Review: To the Abandoned Sacred Beasts. Episode 2

The second episode of the series introduces a new character, Schaal. She is the daughter of a “Incarnate” soldier, John William Bancroft, who we saw a short glimpse of him in the camp talking to other Incarnate soldiers, opening a locket containing a picture of her and the other children at the orphanage he and Schaal run. You realize that this is a prequel to the events of the first episode before John becomes an Incarnate.

The episode starts out kinda slow, pace wise, but shows the travesties of tearing families apart due to the war. John is called upon to join the war due to something unique abut him, which we can assume that it has something to do with becoming and Incarnate. Before he leaves, Schaal gives him a locket containing a picture of himself, Schaal, and the children, the same locket that John shows his comrades at the camp in episode one.

About a quarter of the way in the episode, it jumps to the present after the war is seemingly over. This is where the tone of the episode shifts from good to bad. The consensus was that things would possibly get better for Schaal and the children, but bad things just keep happening.

Schaal’s character certainly has a traumatic shift that propels her to her seeking revenge. Around three quarters of the way into the episode is where the anime and manga start to have a parallel comparison in story plot.

The ending to the episode demonstrates the oath that they all took when their comrades first started to go berserk in episode one, and what it means to live up to that oath. It shows the horrors and sacrifices each Incarnate soldier made to become an Incarnate and what they were willing to do for the ones they wanted to protect and ones they loved. Now the captain of the Incarnates, Hank, must kill his comrades to save what humanity they have left.

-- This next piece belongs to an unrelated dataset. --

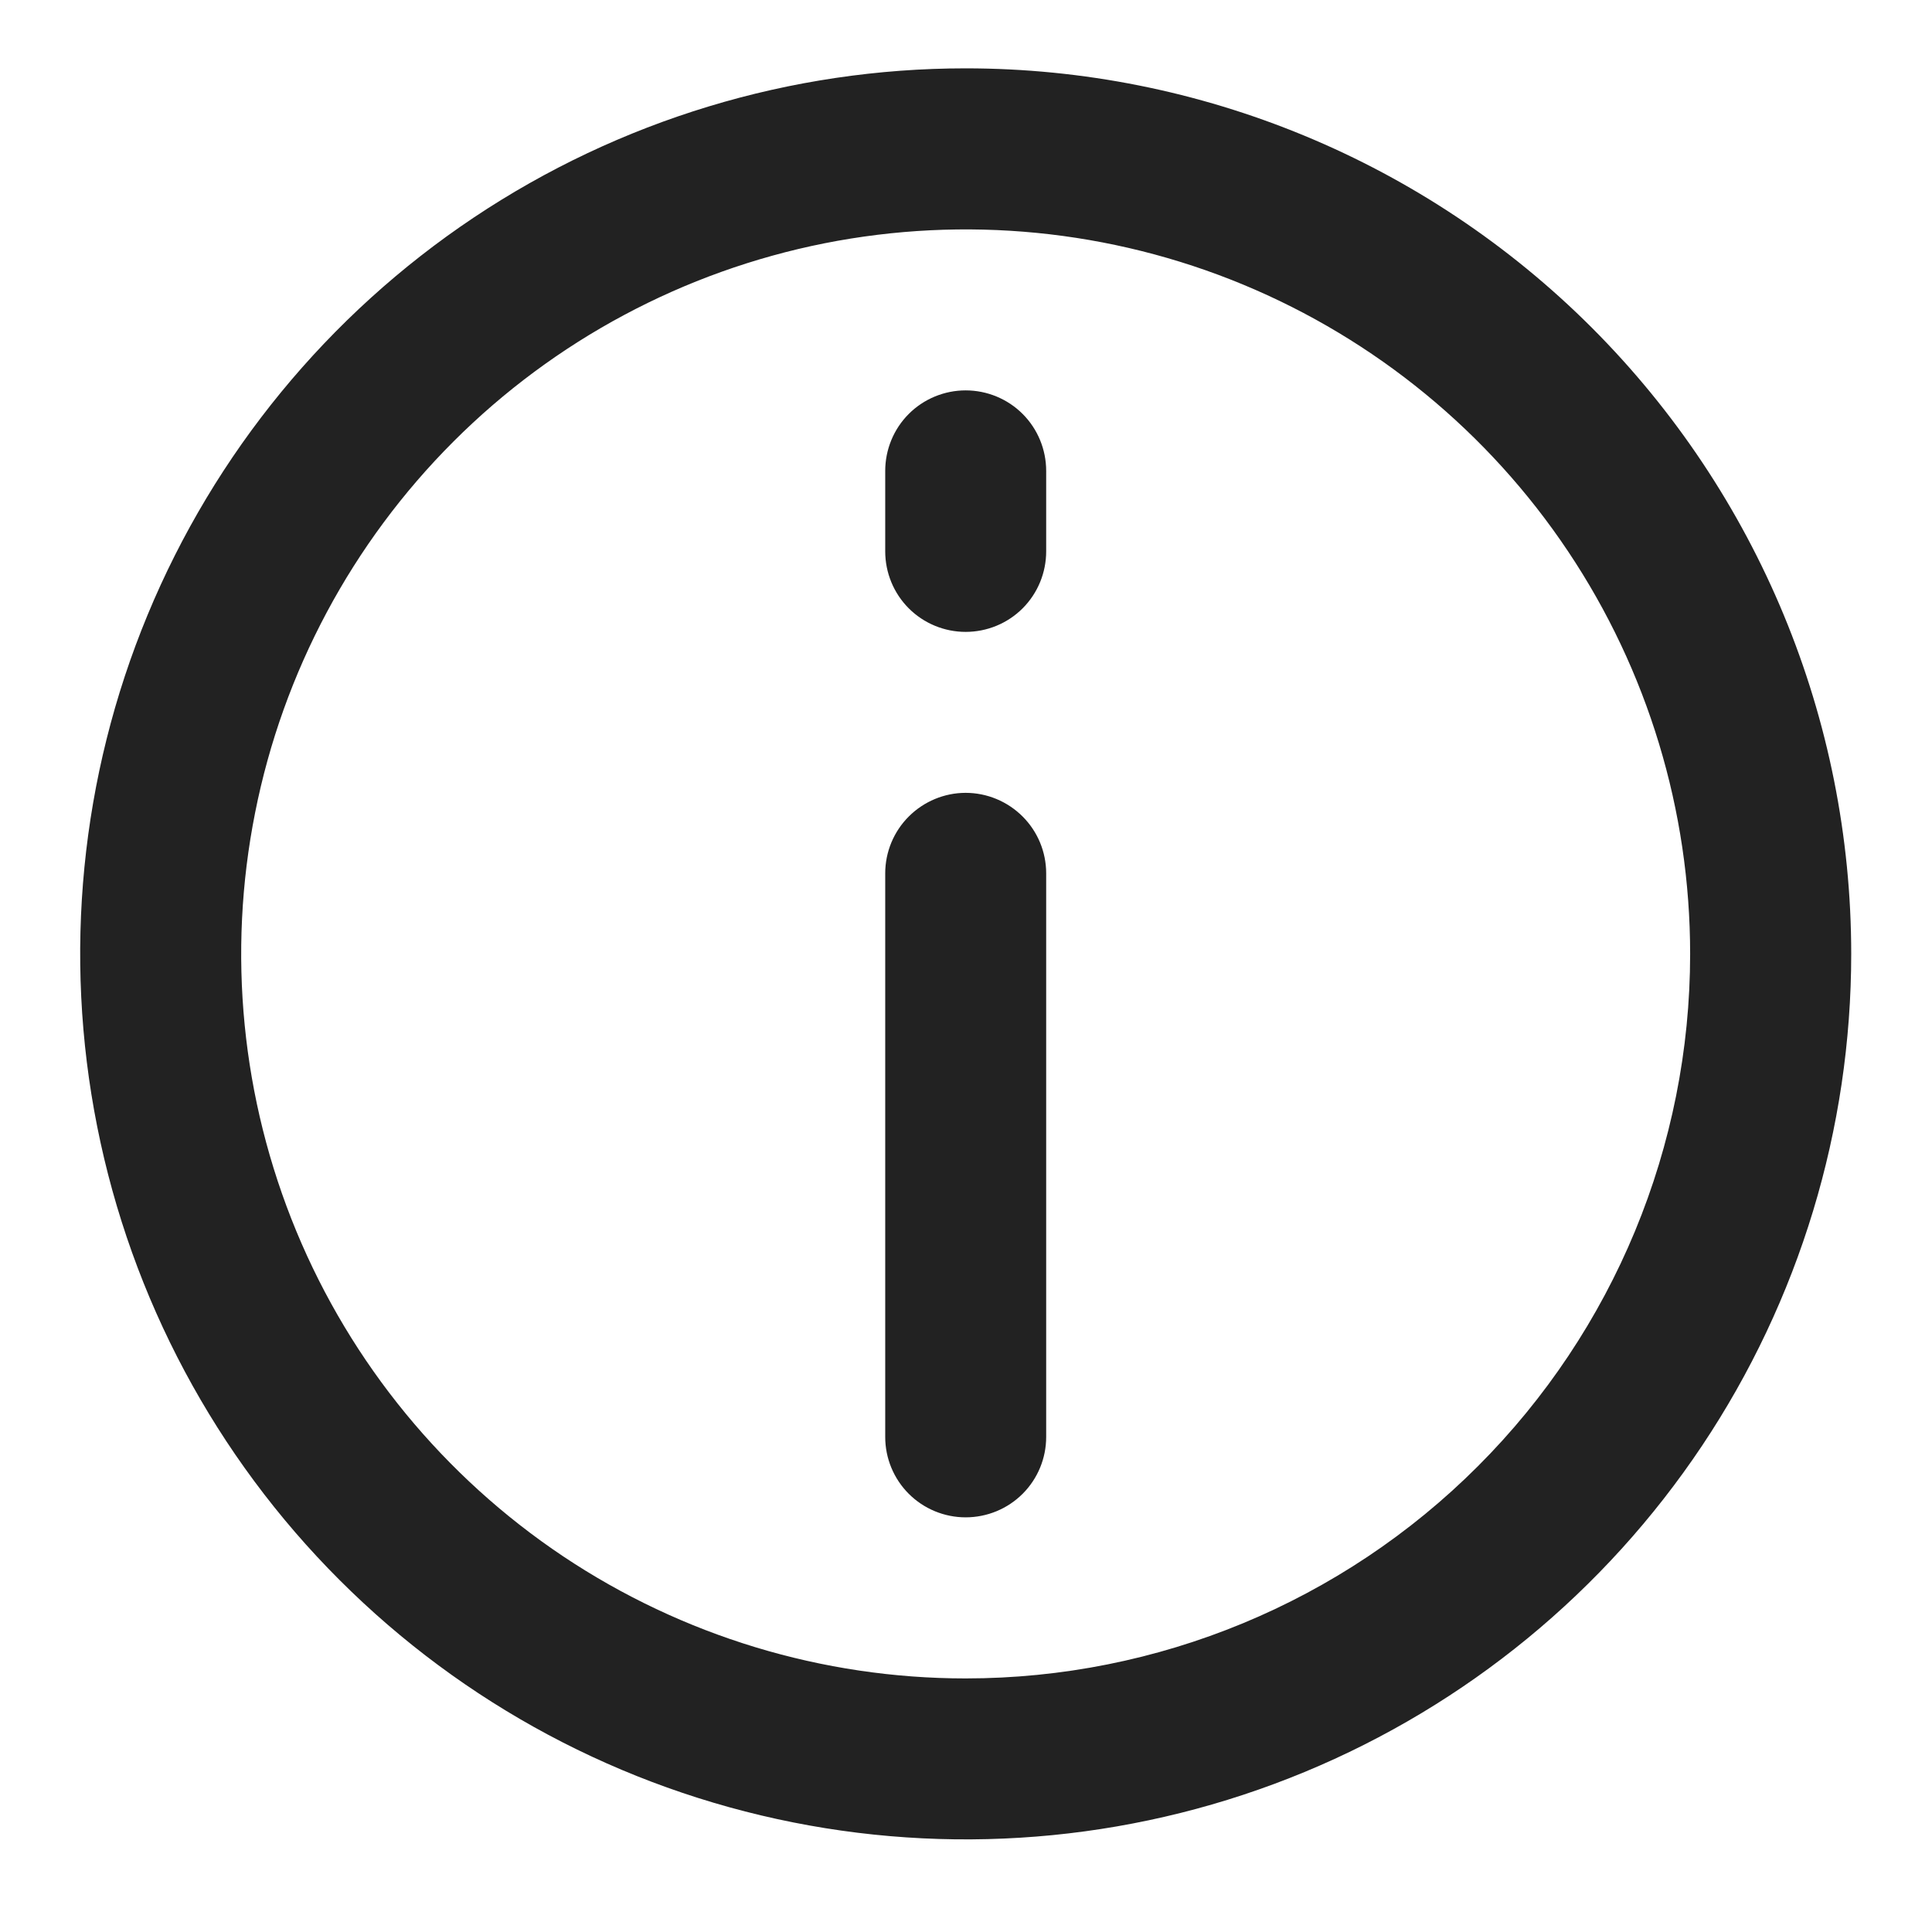 <svg width="16" height="16" viewBox="0 0 16 16" fill="none" xmlns="http://www.w3.org/2000/svg">
<path d="M7.997 0.566C6.547 0.566 5.129 0.996 3.923 1.802C2.717 2.608 1.777 3.753 1.222 5.093C0.667 6.433 0.522 7.908 0.805 9.33C1.088 10.753 1.786 12.06 2.812 13.085C3.838 14.111 5.144 14.809 6.567 15.092C7.989 15.375 9.464 15.23 10.804 14.675C12.144 14.12 13.289 13.18 14.095 11.974C14.901 10.768 15.331 9.35 15.331 7.9C15.331 5.955 14.558 4.09 13.183 2.714C11.808 1.339 9.942 0.566 7.997 0.566ZM7.997 13.9C6.811 13.9 5.651 13.548 4.664 12.889C3.677 12.229 2.908 11.292 2.454 10.196C2 9.099 1.881 7.893 2.113 6.729C2.344 5.565 2.916 4.496 3.755 3.657C4.594 2.818 5.663 2.247 6.827 2.015C7.991 1.784 9.197 1.902 10.293 2.356C11.39 2.811 12.327 3.58 12.986 4.566C13.646 5.553 13.997 6.713 13.997 7.9C13.997 9.491 13.365 11.017 12.24 12.142C11.115 13.268 9.589 13.9 7.997 13.9ZM8.664 7.233V11.9C8.664 12.077 8.594 12.246 8.469 12.371C8.344 12.496 8.174 12.566 7.997 12.566C7.821 12.566 7.651 12.496 7.526 12.371C7.401 12.246 7.331 12.077 7.331 11.9V7.233C7.331 7.056 7.401 6.887 7.526 6.762C7.651 6.637 7.821 6.566 7.997 6.566C8.174 6.566 8.344 6.637 8.469 6.762C8.594 6.887 8.664 7.056 8.664 7.233ZM8.664 3.9V4.566C8.664 4.743 8.594 4.913 8.469 5.038C8.344 5.163 8.174 5.233 7.997 5.233C7.821 5.233 7.651 5.163 7.526 5.038C7.401 4.913 7.331 4.743 7.331 4.566V3.9C7.331 3.723 7.401 3.553 7.526 3.428C7.651 3.303 7.821 3.233 7.997 3.233C8.174 3.233 8.344 3.303 8.469 3.428C8.594 3.553 8.664 3.723 8.664 3.9Z" fill="#222222"/>
</svg>

Visually, this episode seems more vibrant compared to the first episode but still maintains the old dark style of animation commonly known for more darker and grittier anime’s. The action or excitement in this particular episode was little to none until the end, but it was an introduction to a main character type episode. Hopefully going further, it keeps a continuous pace of excitement and not drag out parts for any length of time.


I did like the introduction of the episode showing that Schaal was a normal happy go lucky girl, who cared deeply for her father wishing for him not to go to war and potentially get killed. With the subsequent return of her father, albeit in a dragon form, then the children being taken away from her for their own safety, and then the death of her father by a mysterious white hooded man, her backstory was quick to the point but not lacking sustenance.

Once Hank is reintroduced, we find out that he was in this town looking for a comrade to free him from his monstrous side before his soul is no more. Definitely a dark but sad turn of events that Hank, and now Schaal, must confront. And also Schall is realizing that Hank might not be just be murdering his comrades but freeing them from becoming monsters forever.